_Description of the task_
Please copy the data below exactly; none of the pictures in it belong in the copy.

Stored records

======

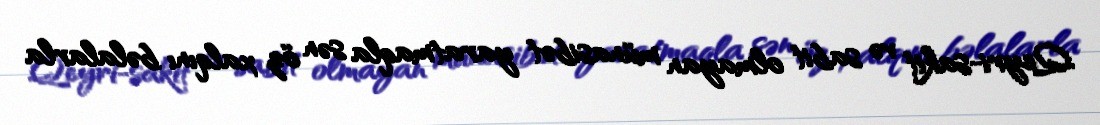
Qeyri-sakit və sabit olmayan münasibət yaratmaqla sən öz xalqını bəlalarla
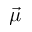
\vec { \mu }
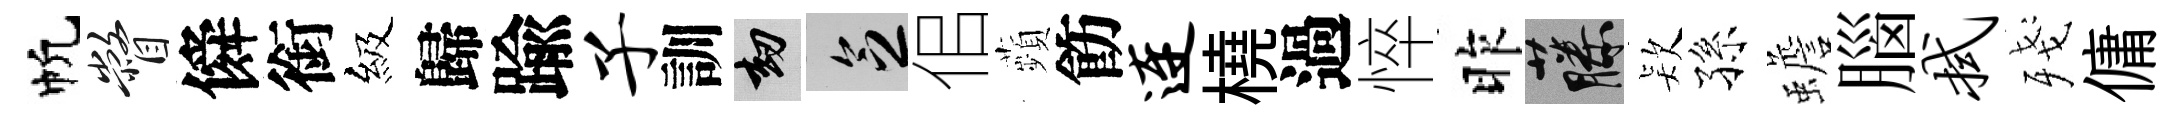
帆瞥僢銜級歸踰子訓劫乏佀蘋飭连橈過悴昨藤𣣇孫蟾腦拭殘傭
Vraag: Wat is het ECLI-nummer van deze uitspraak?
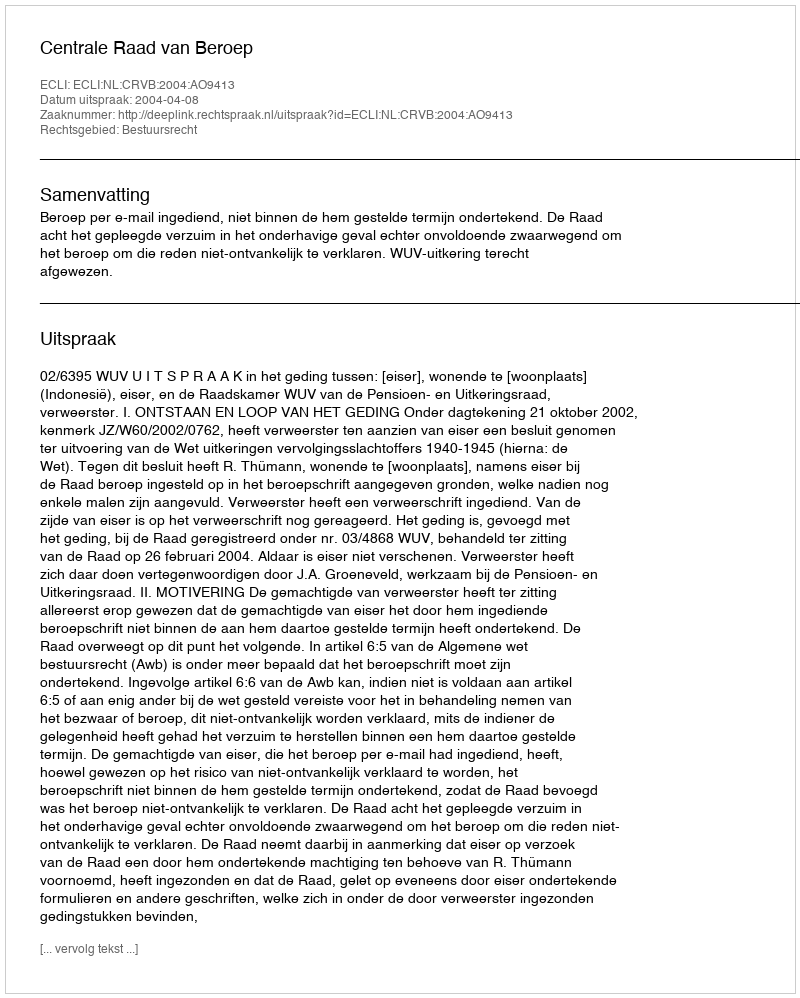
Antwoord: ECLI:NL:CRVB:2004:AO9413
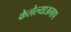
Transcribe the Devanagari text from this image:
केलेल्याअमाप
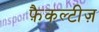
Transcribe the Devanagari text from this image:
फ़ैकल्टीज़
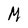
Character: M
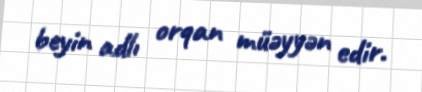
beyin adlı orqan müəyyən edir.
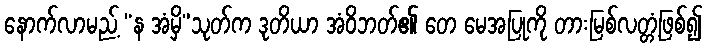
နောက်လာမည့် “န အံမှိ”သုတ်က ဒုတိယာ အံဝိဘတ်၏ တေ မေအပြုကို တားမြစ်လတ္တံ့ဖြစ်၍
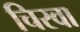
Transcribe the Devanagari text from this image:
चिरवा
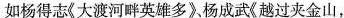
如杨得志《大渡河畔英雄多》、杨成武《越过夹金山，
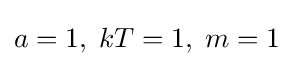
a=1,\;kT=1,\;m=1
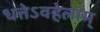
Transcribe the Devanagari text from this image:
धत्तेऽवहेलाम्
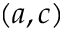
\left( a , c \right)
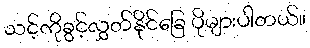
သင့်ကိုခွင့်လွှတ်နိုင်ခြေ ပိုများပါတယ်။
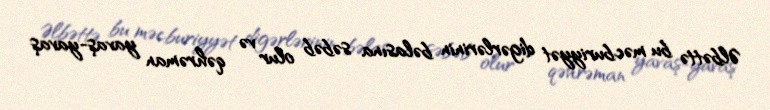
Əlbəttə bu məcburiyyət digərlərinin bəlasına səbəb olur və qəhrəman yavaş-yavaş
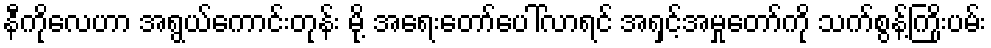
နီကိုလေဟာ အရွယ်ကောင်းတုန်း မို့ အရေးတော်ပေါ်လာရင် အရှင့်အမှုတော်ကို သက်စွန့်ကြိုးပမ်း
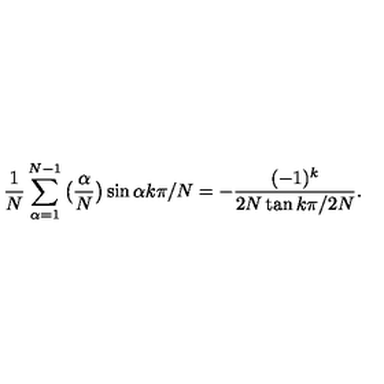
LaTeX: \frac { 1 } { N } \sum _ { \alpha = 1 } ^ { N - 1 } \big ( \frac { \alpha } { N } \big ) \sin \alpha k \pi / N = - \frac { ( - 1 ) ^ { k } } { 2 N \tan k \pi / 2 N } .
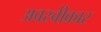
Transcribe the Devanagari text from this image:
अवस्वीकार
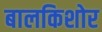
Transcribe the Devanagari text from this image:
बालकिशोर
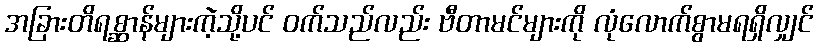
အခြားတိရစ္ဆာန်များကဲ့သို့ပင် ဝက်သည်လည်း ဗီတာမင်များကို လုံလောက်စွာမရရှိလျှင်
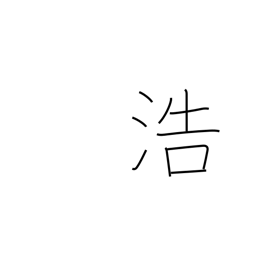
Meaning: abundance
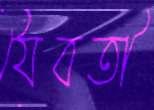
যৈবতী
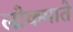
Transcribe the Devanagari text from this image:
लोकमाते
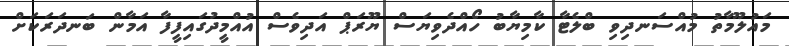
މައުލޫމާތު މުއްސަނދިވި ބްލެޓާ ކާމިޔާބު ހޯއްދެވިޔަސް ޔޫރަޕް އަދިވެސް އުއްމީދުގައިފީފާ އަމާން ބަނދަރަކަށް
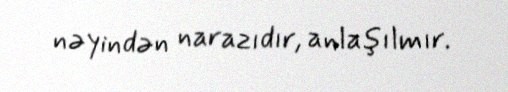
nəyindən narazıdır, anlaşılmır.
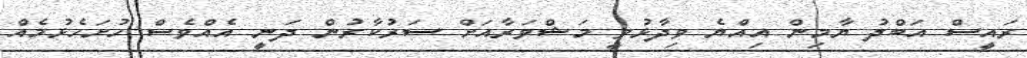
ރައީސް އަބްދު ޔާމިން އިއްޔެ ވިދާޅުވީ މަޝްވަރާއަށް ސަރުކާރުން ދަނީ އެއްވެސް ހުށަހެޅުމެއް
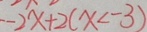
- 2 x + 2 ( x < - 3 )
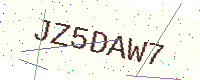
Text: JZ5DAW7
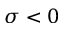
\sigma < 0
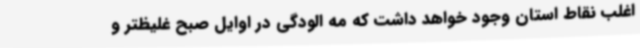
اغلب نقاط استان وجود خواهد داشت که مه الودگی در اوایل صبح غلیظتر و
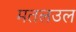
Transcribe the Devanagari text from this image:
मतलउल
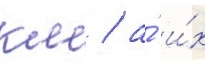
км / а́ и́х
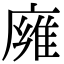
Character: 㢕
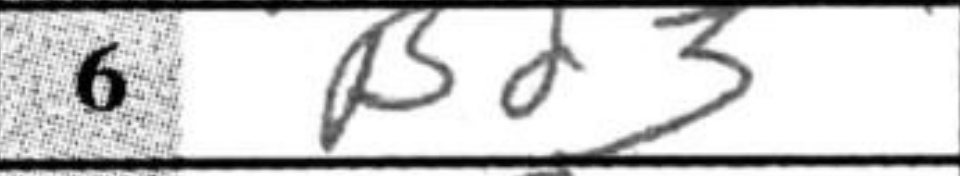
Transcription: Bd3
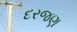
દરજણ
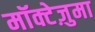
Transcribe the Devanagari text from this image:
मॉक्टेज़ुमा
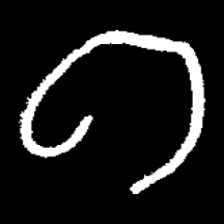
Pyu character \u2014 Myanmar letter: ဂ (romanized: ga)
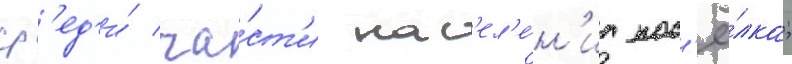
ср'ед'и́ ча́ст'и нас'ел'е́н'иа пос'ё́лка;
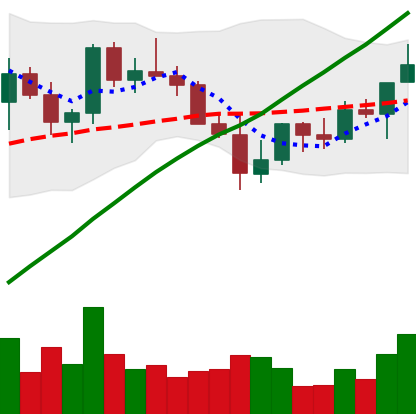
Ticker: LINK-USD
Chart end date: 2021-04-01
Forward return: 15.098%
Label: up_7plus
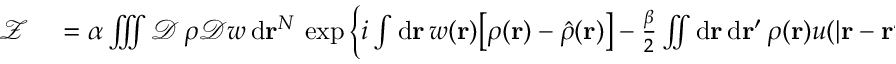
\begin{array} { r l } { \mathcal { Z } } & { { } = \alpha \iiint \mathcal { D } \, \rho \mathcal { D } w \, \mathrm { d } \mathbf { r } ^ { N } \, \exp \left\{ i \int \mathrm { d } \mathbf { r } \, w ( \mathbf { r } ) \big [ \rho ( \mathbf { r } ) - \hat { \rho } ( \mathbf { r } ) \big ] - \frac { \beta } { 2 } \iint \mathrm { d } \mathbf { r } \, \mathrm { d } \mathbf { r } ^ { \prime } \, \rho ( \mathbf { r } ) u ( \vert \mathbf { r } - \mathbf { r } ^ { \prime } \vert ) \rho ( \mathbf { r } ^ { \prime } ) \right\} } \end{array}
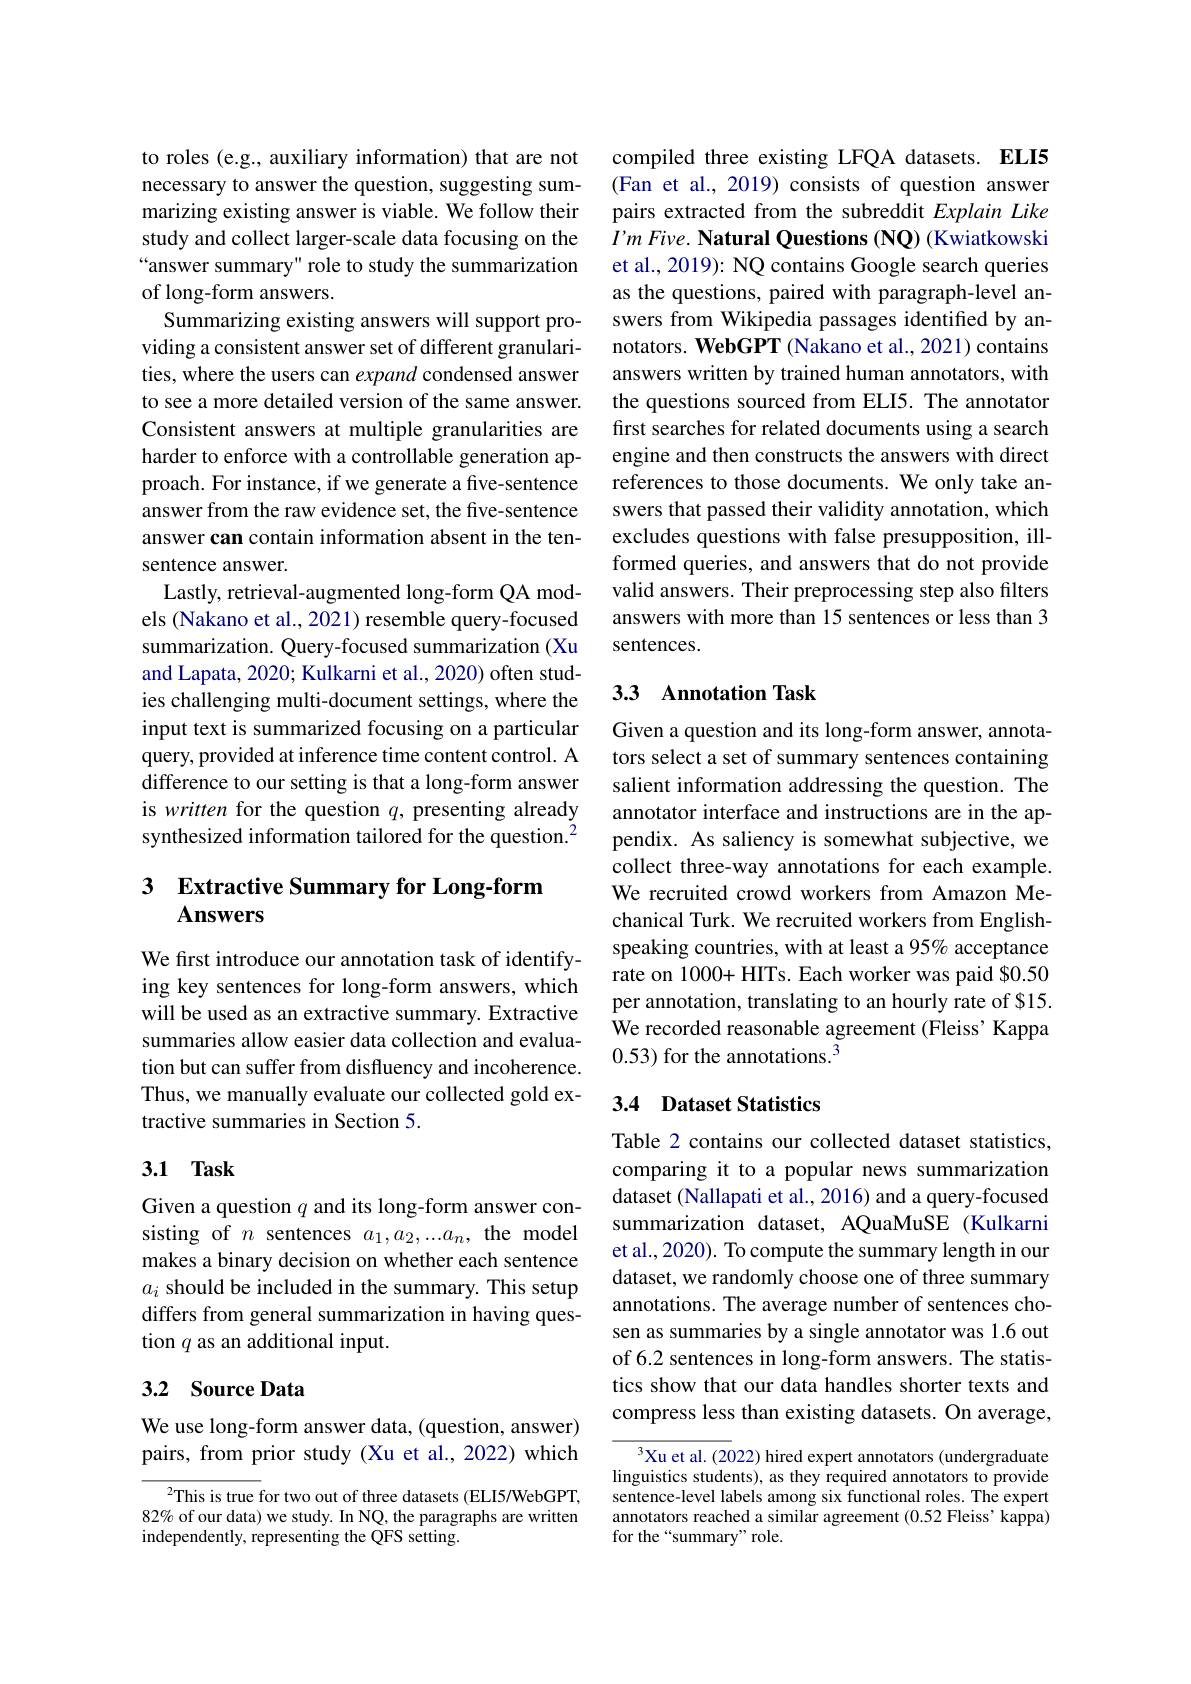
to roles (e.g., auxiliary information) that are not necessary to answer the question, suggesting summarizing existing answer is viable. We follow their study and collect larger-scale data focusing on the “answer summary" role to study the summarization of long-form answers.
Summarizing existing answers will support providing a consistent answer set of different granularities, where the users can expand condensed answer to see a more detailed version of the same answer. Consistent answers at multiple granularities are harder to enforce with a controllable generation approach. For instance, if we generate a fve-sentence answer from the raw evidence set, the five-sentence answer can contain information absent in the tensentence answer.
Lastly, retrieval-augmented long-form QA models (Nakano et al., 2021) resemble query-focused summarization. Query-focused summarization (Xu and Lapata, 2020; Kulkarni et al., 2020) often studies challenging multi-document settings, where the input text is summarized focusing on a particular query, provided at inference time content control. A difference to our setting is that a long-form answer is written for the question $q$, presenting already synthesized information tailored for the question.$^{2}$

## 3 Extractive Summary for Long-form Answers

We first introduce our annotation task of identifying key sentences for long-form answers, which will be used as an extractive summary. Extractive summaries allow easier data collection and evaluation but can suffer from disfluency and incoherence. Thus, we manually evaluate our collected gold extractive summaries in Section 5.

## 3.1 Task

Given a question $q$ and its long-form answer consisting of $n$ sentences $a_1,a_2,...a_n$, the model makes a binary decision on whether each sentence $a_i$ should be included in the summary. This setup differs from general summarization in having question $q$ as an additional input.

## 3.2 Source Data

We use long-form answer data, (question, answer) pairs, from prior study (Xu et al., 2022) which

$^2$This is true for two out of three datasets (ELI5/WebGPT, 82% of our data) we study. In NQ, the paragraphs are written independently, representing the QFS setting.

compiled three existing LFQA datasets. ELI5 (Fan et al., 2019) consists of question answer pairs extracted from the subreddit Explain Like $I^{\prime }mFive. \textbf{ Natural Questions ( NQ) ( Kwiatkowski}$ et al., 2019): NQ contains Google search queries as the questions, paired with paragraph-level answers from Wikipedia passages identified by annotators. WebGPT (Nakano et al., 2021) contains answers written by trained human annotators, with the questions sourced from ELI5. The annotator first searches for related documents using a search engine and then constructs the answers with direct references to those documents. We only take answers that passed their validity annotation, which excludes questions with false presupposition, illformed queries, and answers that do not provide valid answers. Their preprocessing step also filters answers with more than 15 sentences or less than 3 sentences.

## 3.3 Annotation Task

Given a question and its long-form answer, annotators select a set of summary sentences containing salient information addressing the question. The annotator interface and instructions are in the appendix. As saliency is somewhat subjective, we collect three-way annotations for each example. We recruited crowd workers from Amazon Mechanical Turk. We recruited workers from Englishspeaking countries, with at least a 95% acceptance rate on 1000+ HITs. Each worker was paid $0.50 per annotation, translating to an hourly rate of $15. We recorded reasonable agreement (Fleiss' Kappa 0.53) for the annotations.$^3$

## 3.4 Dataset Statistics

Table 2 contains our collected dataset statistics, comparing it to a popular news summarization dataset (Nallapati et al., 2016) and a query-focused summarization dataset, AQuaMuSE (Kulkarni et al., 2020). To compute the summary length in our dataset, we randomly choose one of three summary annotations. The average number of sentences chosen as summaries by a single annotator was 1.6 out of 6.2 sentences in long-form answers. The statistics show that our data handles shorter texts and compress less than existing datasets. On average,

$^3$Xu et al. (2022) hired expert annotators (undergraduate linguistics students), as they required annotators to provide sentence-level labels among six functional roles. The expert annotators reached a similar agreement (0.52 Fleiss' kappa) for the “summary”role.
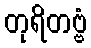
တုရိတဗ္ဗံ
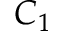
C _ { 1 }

======

_Written reply_
Qeyri-sakit və sabit olmayan münasibət yaratmaqla sən öz xalqını bəlalarla
\vec { \mu }
帆瞥僢銜級歸踰子訓劫乏佀蘋飭连橈過悴昨藤𣣇孫蟾腦拭殘傭
Vraag: Wat is het ECLI-nummer van deze uitspraak?
Antwoord: ECLI:NL:CRVB:2004:AO9413
Transcribe the Devanagari text from this image:
केलेल्याअमाप
Transcribe the Devanagari text from this image:
फ़ैकल्टीज़
Character: M
beyin adlı orqan müəyyən edir.
နောက်လာမည့် “န အံမှိ”သုတ်က ဒုတိယာ အံဝိဘတ်၏ တေ မေအပြုကို တားမြစ်လတ္တံ့ဖြစ်၍
Transcribe the Devanagari text from this image:
चिरवा
如杨得志《大渡河畔英雄多》、杨成武《越过夹金山，
a=1,\;kT=1,\;m=1
Transcribe the Devanagari text from this image:
धत्तेऽवहेलाम्
\left( a , c \right)
သင့်ကိုခွင့်လွှတ်နိုင်ခြေ ပိုများပါတယ်။
Əlbəttə bu məcburiyyət digərlərinin bəlasına səbəb olur və qəhrəman yavaş-yavaş
နီကိုလေဟာ အရွယ်ကောင်းတုန်း မို့ အရေးတော်ပေါ်လာရင် အရှင့်အမှုတော်ကို သက်စွန့်ကြိုးပမ်း
LaTeX: \frac { 1 } { N } \sum _ { \alpha = 1 } ^ { N - 1 } \big ( \frac { \alpha } { N } \big ) \sin \alpha k \pi / N = - \frac { ( - 1 ) ^ { k } } { 2 N \tan k \pi / 2 N } .
Transcribe the Devanagari text from this image:
अवस्वीकार
Transcribe the Devanagari text from this image:
बालकिशोर
အခြားတိရစ္ဆာန်များကဲ့သို့ပင် ဝက်သည်လည်း ဗီတာမင်များကို လုံလောက်စွာမရရှိလျှင်
Meaning: abundance
যৈবতী
Transcribe the Devanagari text from this image:
लोकमाते
މައުލޫމާތު މުއްސަނދިވި ބްލެޓާ ކާމިޔާބު ހޯއްދެވިޔަސް ޔޫރަޕް އަދިވެސް އުއްމީދުގައިފީފާ އަމާން ބަނދަރަކަށް
nəyindən narazıdır, anlaşılmır.
ރައީސް އަބްދު ޔާމިން އިއްޔެ ވިދާޅުވީ މަޝްވަރާއަށް ސަރުކާރުން ދަނީ އެއްވެސް ހުށަހެޅުމެއް
- 2 x + 2 ( x < - 3 )
Text: JZ5DAW7
\sigma < 0
اغلب نقاط استان وجود خواهد داشت که مه الودگی در اوایل صبح غلیظتر و
Transcribe the Devanagari text from this image:
मतलउल
км / а́ и́х
Character: 㢕
Transcription: Bd3
દરજણ
Transcribe the Devanagari text from this image:
मॉक्टेज़ुमा
Pyu character \u2014 Myanmar letter: ဂ (romanized: ga)
ср'ед'и́ ча́ст'и нас'ел'е́н'иа пос'ё́лка;
Ticker: LINK-USD
Chart end date: 2021-04-01
Forward return: 15.098%
Label: up_7plus
\begin{array} { r l } { \mathcal { Z } } & { { } = \alpha \iiint \mathcal { D } \, \rho \mathcal { D } w \, \mathrm { d } \mathbf { r } ^ { N } \, \exp \left\{ i \int \mathrm { d } \mathbf { r } \, w ( \mathbf { r } ) \big [ \rho ( \mathbf { r } ) - \hat { \rho } ( \mathbf { r } ) \big ] - \frac { \beta } { 2 } \iint \mathrm { d } \mathbf { r } \, \mathrm { d } \mathbf { r } ^ { \prime } \, \rho ( \mathbf { r } ) u ( \vert \mathbf { r } - \mathbf { r } ^ { \prime } \vert ) \rho ( \mathbf { r } ^ { \prime } ) \right\} } \end{array}
to roles (e.g., auxiliary information) that are not necessary to answer the question, suggesting summarizing existing answer is viable. We follow their study and collect larger-scale data focusing on the “answer summary" role to study the summarization of long-form answers.
Summarizing existing answers will support providing a consistent answer set of different granularities, where the users can expand condensed answer to see a more detailed version of the same answer. Consistent answers at multiple granularities are harder to enforce with a controllable generation approach. For instance, if we generate a fve-sentence answer from the raw evidence set, the five-sentence answer can contain information absent in the tensentence answer.
Lastly, retrieval-augmented long-form QA models (Nakano et al., 2021) resemble query-focused summarization. Query-focused summarization (Xu and Lapata, 2020; Kulkarni et al., 2020) often studies challenging multi-document settings, where the input text is summarized focusing on a particular query, provided at inference time content control. A difference to our setting is that a long-form answer is written for the question $q$, presenting already synthesized information tailored for the question.$^{2}$

## 3 Extractive Summary for Long-form Answers

We first introduce our annotation task of identifying key sentences for long-form answers, which will be used as an extractive summary. Extractive summaries allow easier data collection and evaluation but can suffer from disfluency and incoherence. Thus, we manually evaluate our collected gold extractive summaries in Section 5.

## 3.1 Task

Given a question $q$ and its long-form answer consisting of $n$ sentences $a_1,a_2,...a_n$, the model makes a binary decision on whether each sentence $a_i$ should be included in the summary. This setup differs from general summarization in having question $q$ as an additional input.

## 3.2 Source Data

We use long-form answer data, (question, answer) pairs, from prior study (Xu et al., 2022) which

$^2$This is true for two out of three datasets (ELI5/WebGPT, 82% of our data) we study. In NQ, the paragraphs are written independently, representing the QFS setting.

compiled three existing LFQA datasets. ELI5 (Fan et al., 2019) consists of question answer pairs extracted from the subreddit Explain Like $I^{\prime }mFive. \textbf{ Natural Questions ( NQ) ( Kwiatkowski}$ et al., 2019): NQ contains Google search queries as the questions, paired with paragraph-level answers from Wikipedia passages identified by annotators. WebGPT (Nakano et al., 2021) contains answers written by trained human annotators, with the questions sourced from ELI5. The annotator first searches for related documents using a search engine and then constructs the answers with direct references to those documents. We only take answers that passed their validity annotation, which excludes questions with false presupposition, illformed queries, and answers that do not provide valid answers. Their preprocessing step also filters answers with more than 15 sentences or less than 3 sentences.

## 3.3 Annotation Task

Given a question and its long-form answer, annotators select a set of summary sentences containing salient information addressing the question. The annotator interface and instructions are in the appendix. As saliency is somewhat subjective, we collect three-way annotations for each example. We recruited crowd workers from Amazon Mechanical Turk. We recruited workers from Englishspeaking countries, with at least a 95% acceptance rate on 1000+ HITs. Each worker was paid $0.50 per annotation, translating to an hourly rate of $15. We recorded reasonable agreement (Fleiss' Kappa 0.53) for the annotations.$^3$

## 3.4 Dataset Statistics

Table 2 contains our collected dataset statistics, comparing it to a popular news summarization dataset (Nallapati et al., 2016) and a query-focused summarization dataset, AQuaMuSE (Kulkarni et al., 2020). To compute the summary length in our dataset, we randomly choose one of three summary annotations. The average number of sentences chosen as summaries by a single annotator was 1.6 out of 6.2 sentences in long-form answers. The statistics show that our data handles shorter texts and compress less than existing datasets. On average,

$^3$Xu et al. (2022) hired expert annotators (undergraduate linguistics students), as they required annotators to provide sentence-level labels among six functional roles. The expert annotators reached a similar agreement (0.52 Fleiss' kappa) for the “summary”role.
တုရိတဗ္ဗံ
C _ { 1 }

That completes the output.